Being unable to work is not easy for any person, and each person goes through it in various ways. However, it can affect their financial status and leave them without enough money for everyday life or the medicaments they might need for normal functioning. Besides that, it can cause people to feel unhappy with their lives and useless, which can cause some severe conditions such as depression which can further complicate and become even more severe.
Luckily, people who are not able to work can apply for long-term disability coverage that can help them deal with the challenges of everyday life and have enough funds to live a normal life without being stressed about how to earn some money. Sometimes this application is wrongfully denied or cut off after some time, but there is no need to worry, as it is not the end, and in the text below, we will explain further your rights in that situation.
Contacting the insurance company
The first thing to do once the LTD coverage is denied or cut off is to contact the insurance company and ask them to send their decision in writing, whether it is a letter or an email that you can print. It is extremely important because of two reasons. The first one is that, in that way, you can read it a few times and understand why the application is denied, or the coverage is cut off.
The second reason is even more important, as written decisions can provide a perfect outline for an appeal or legal claim that can be filled in a two-year frame. We need to mention that many insurance companies will try to inform their clients via phone call, so requesting a written decision from them might be necessary since they are obliged to send it if the client is asking for it.
Appeal or legal claim
There are two ways one can choose when it comes to denial or cutting of the LTD, and both of them have their benefits and flaws, so it is up to the applicant to decide which of them is a better solution for their case.
Appealing is the first and the one that most people decide to go with, but let’s see if that is the best solution. Namely, when one decides to appeal, the main problem is that the process is led by the same insurance company that denied the application, and no one can guarantee they will change their mind. This process can last between 30-90 days, and clients usually get an invitation from the insurance company to appeal.
Another way is to file a legal claim, which requires a more complicated process, but gives you more chances that the decision will be changed. As we have already mentioned, the legal claim must be filed no later than two years from the denial or cut-off, which means it is necessary to choose between these two solutions on time to avoid losing precious time.

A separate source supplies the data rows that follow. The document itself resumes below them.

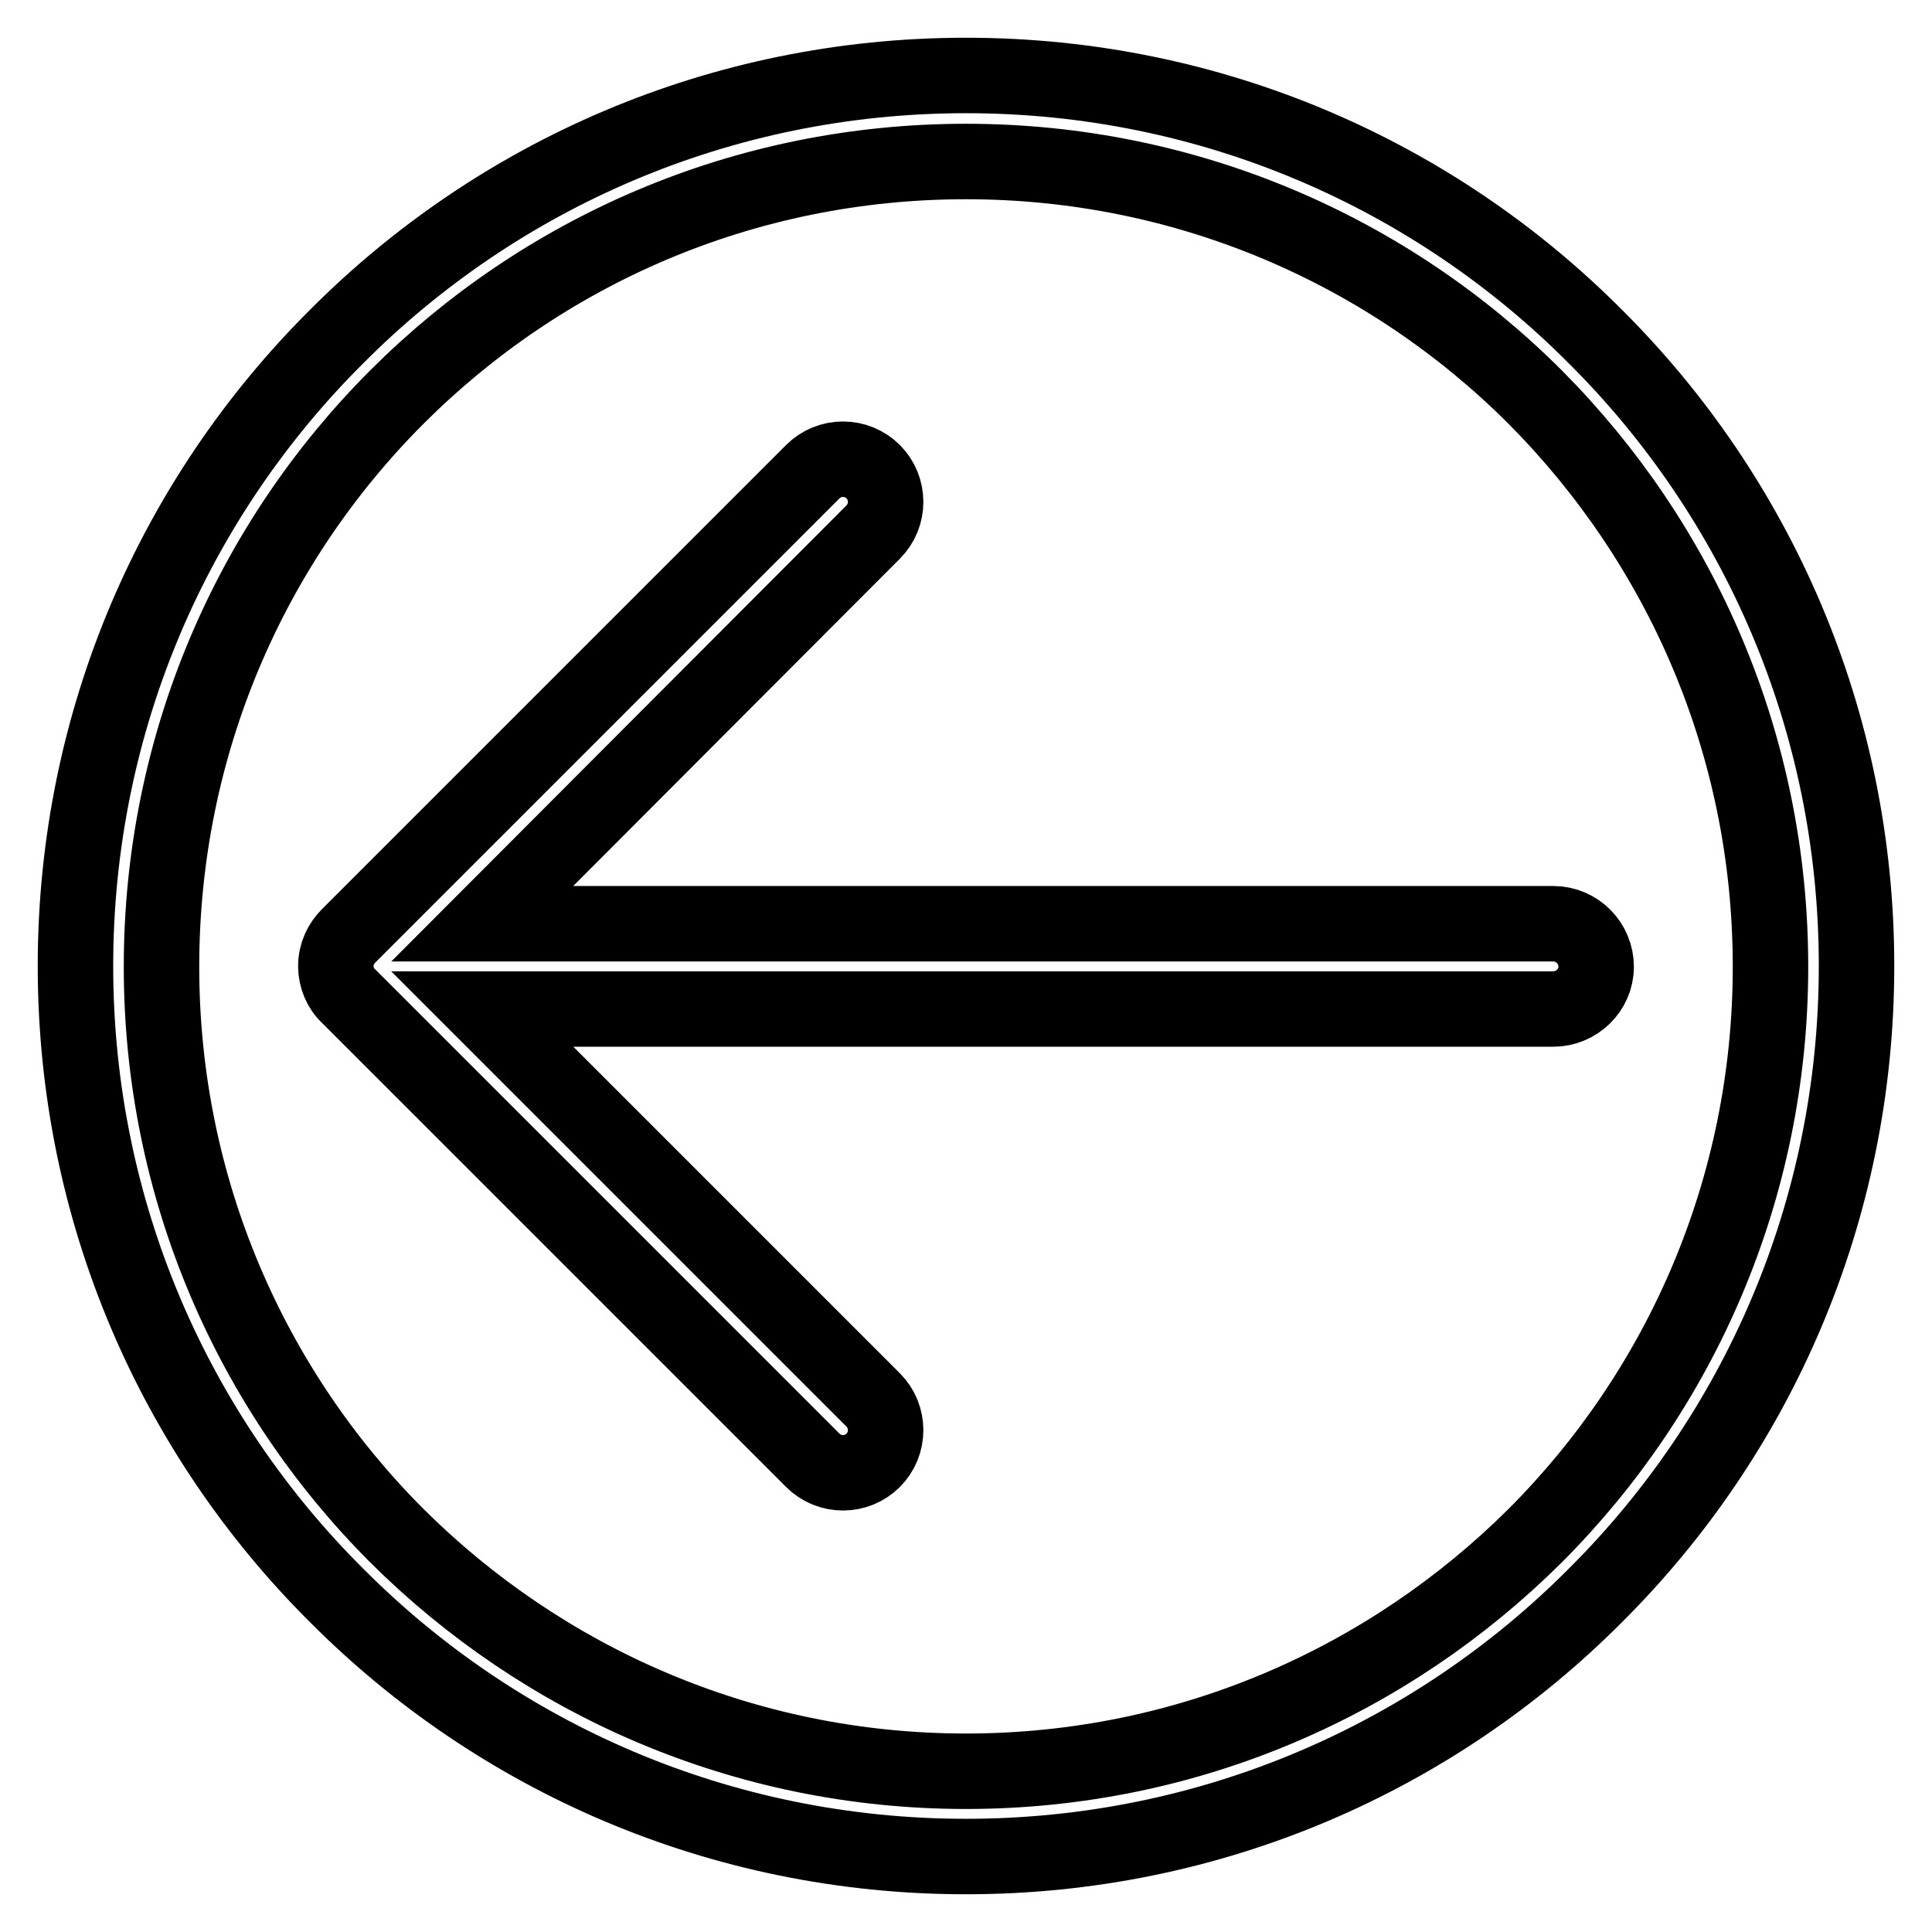 <?xml version="1.0" encoding="utf-8"?>
<!-- Svg Vector Icons : http://www.onlinewebfonts.com/icon -->
<!DOCTYPE svg PUBLIC "-//W3C//DTD SVG 1.1//EN" "http://www.w3.org/Graphics/SVG/1.1/DTD/svg11.dtd">
<svg version="1.1" xmlns="http://www.w3.org/2000/svg" xmlns:xlink="http://www.w3.org/1999/xlink" x="0px" y="0px" viewBox="0 0 256 256" enable-background="new 0 0 256 256" xml:space="preserve">
<g> <path stroke-width="10" fill-opacity="0" stroke="#000000"  d="M10,128c0-32.6,13.2-62.1,34.6-83.4C65.9,23.2,95.4,10,128,10c32.6,0,62.1,13.2,83.4,34.6 C232.8,65.9,246,95.4,246,128c0,32.6-13.2,62.1-34.6,83.4C190.1,232.8,160.6,246,128,246c-32.6,0-62.1-13.2-83.4-34.6 C23.2,190.1,10,160.6,10,128L10,128L10,128z M115.7,70.5c2.2-2.2,2.2-5.8,0-8c-2.2-2.2-5.8-2.2-8,0L46.2,124c-1,1-1.7,2.4-1.7,4 c0,1.5,0.6,3,1.7,4l0,0l0.1,0.1l61.4,61.4c2.2,2.2,5.8,2.2,8,0c2.2-2.2,2.2-5.8,0-8l-51.8-51.8h141.9c3.1,0,5.7-2.5,5.7-5.6 c0-3.1-2.5-5.7-5.7-5.7H63.9L115.7,70.5L115.7,70.5z M128,234.7c29.5,0,56.1-12,75.4-31.2c19.3-19.3,31.2-46,31.2-75.4 c0-29.5-11.9-56.1-31.2-75.5c-19.3-19.3-46-31.2-75.4-31.2c-29.5,0-56.1,11.9-75.4,31.2c-19.3,19.3-31.2,46-31.2,75.5 c0,29.4,11.9,56.1,31.2,75.4C71.9,222.7,98.5,234.7,128,234.7L128,234.7z"/></g>
</svg>
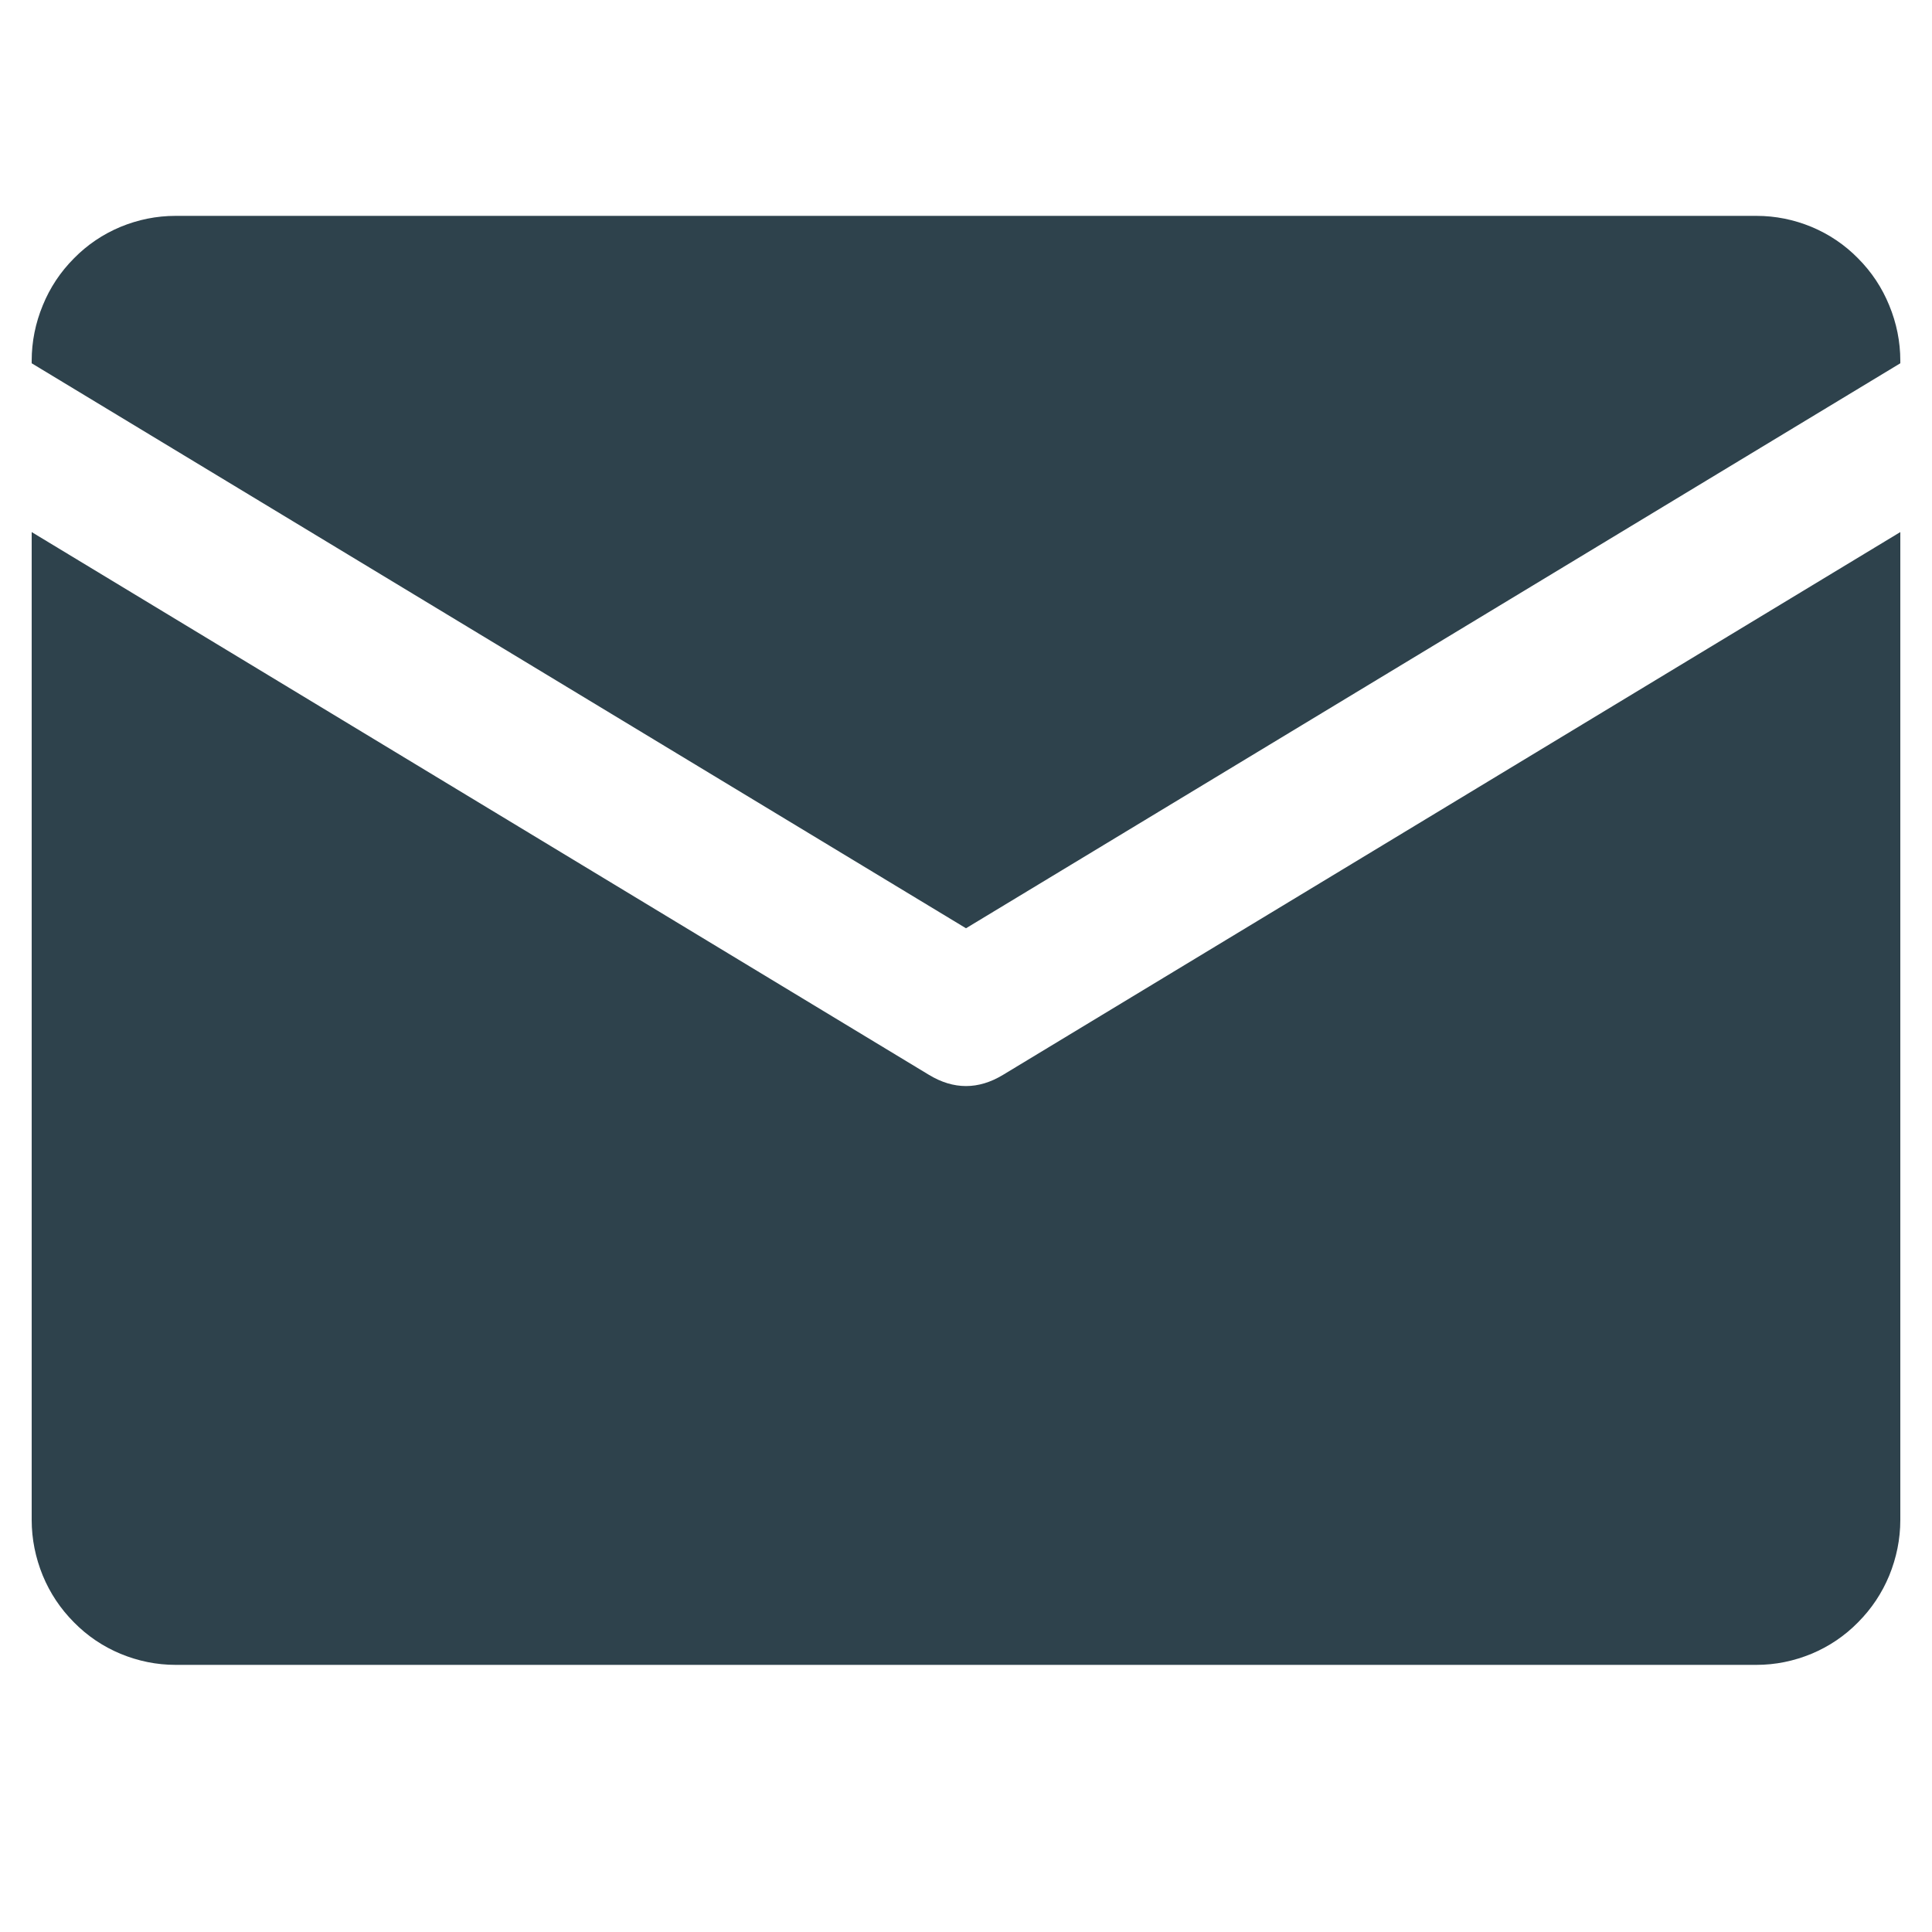 <svg xmlns="http://www.w3.org/2000/svg" width="30" viewBox="0 0 30 30" height="30" version="1.0"><defs><clipPath id="a"><path d="M 0.484 3.352 L 29.516 3.352 L 29.516 15 L 0.484 15 Z M 0.484 3.352"/></clipPath><clipPath id="b"><path d="M 0.484 8 L 29.516 8 L 29.516 25.852 L 0.484 25.852 Z M 0.484 8"/></clipPath></defs><g clip-path="url(#a)"><path fill="#2E424C" d="M 15 14.414 L 29.508 5.641 L 29.508 5.602 C 29.508 5.305 29.449 5.016 29.336 4.742 C 29.223 4.465 29.062 4.223 28.852 4.012 C 28.645 3.801 28.402 3.637 28.129 3.523 C 27.855 3.41 27.57 3.352 27.273 3.352 L 2.727 3.352 C 2.43 3.352 2.145 3.41 1.871 3.523 C 1.598 3.637 1.355 3.801 1.148 4.012 C 0.938 4.223 0.777 4.465 0.664 4.742 C 0.551 5.016 0.492 5.305 0.492 5.602 L 0.492 5.641 Z M 15 14.414"/></g><g clip-path="url(#b)"><path fill="#2E424C" d="M 15.574 16.691 C 15.191 16.922 14.809 16.922 14.426 16.691 L 0.492 8.262 L 0.492 23.602 C 0.492 23.898 0.551 24.188 0.664 24.465 C 0.777 24.738 0.938 24.98 1.148 25.191 C 1.355 25.402 1.598 25.566 1.871 25.68 C 2.145 25.793 2.43 25.852 2.727 25.852 L 27.273 25.852 C 27.57 25.852 27.855 25.793 28.129 25.68 C 28.402 25.566 28.645 25.402 28.852 25.191 C 29.062 24.98 29.223 24.738 29.336 24.465 C 29.449 24.188 29.508 23.898 29.508 23.602 L 29.508 8.262 Z M 15.574 16.691"/></g></svg>

It can be a difficult decision, especially for people who are not familiar with laws and do not like to deal with paperwork, and the best solution for them is to hire professional help who can explain both processes and realize which of them is better for a certain case. Finding the best professionals among many of them online can be a great challenge and extremely time-consuming, and since we know how important time is for these processes, we have found the best ones for you. All you need to do is visit disability.ca, and they will do all the rest.
Avoiding mistakes is crucial
There are a few common mistakes people can accidentally make, which can cost them the benefits of LTD coverage, and knowing and understanding them is the best way to avoid them.
- Incomplete medical records – It seems extremely logical that the client needs to provide a complete medical history to the insurance company in order to get LTD coverage, but it is not rare that people simply fail to do that. It should be done in consultation with doctors, as they know the medical situation of their patients best and can provide the necessary proof.
- Misuse of social media – Social media is a great thing, and since we live in a digital era, it is almost impossible to find a person who does not have a profile on at least one platform. We share great moments with our friends and family, but it can be a little tricky once someone applies for LTD coverage. Namely, insurance companies monitor the profiles on social media of the applicants, and they can easily deny them if they realize someone actually can work.
- Getting back to work – When the person faces a denial or cut off of LTD, they can believe that the only solution is to get back to work, but it is not a good idea if they are not ready. It can cause various health problems and make their condition even worse. Besides that, it can cause problems with getting LTD coverage again in the future and leave them without all the benefits.
Insurance companies and their tricks
Sometimes the insurance companies will try all they can to deny the applications or cut off the LTD coverage, and it is important to know your rights to avoid that. They might state that the applicant is able to work, and their doctors agree with that, state that the disability is not that high, or the medical condition has existed before the application. No matter what they note as a reason for denial or cutting off, the most important is your doctor’s opinion, as they know your medical situation the best and try to do what’s best for you.
Because of that, it is important to fight for your rights and never give up, as LTD coverage is made for people with certain disabilities to provide them with enough funds for a normal life and peace of mind, and no one should deny them to get it.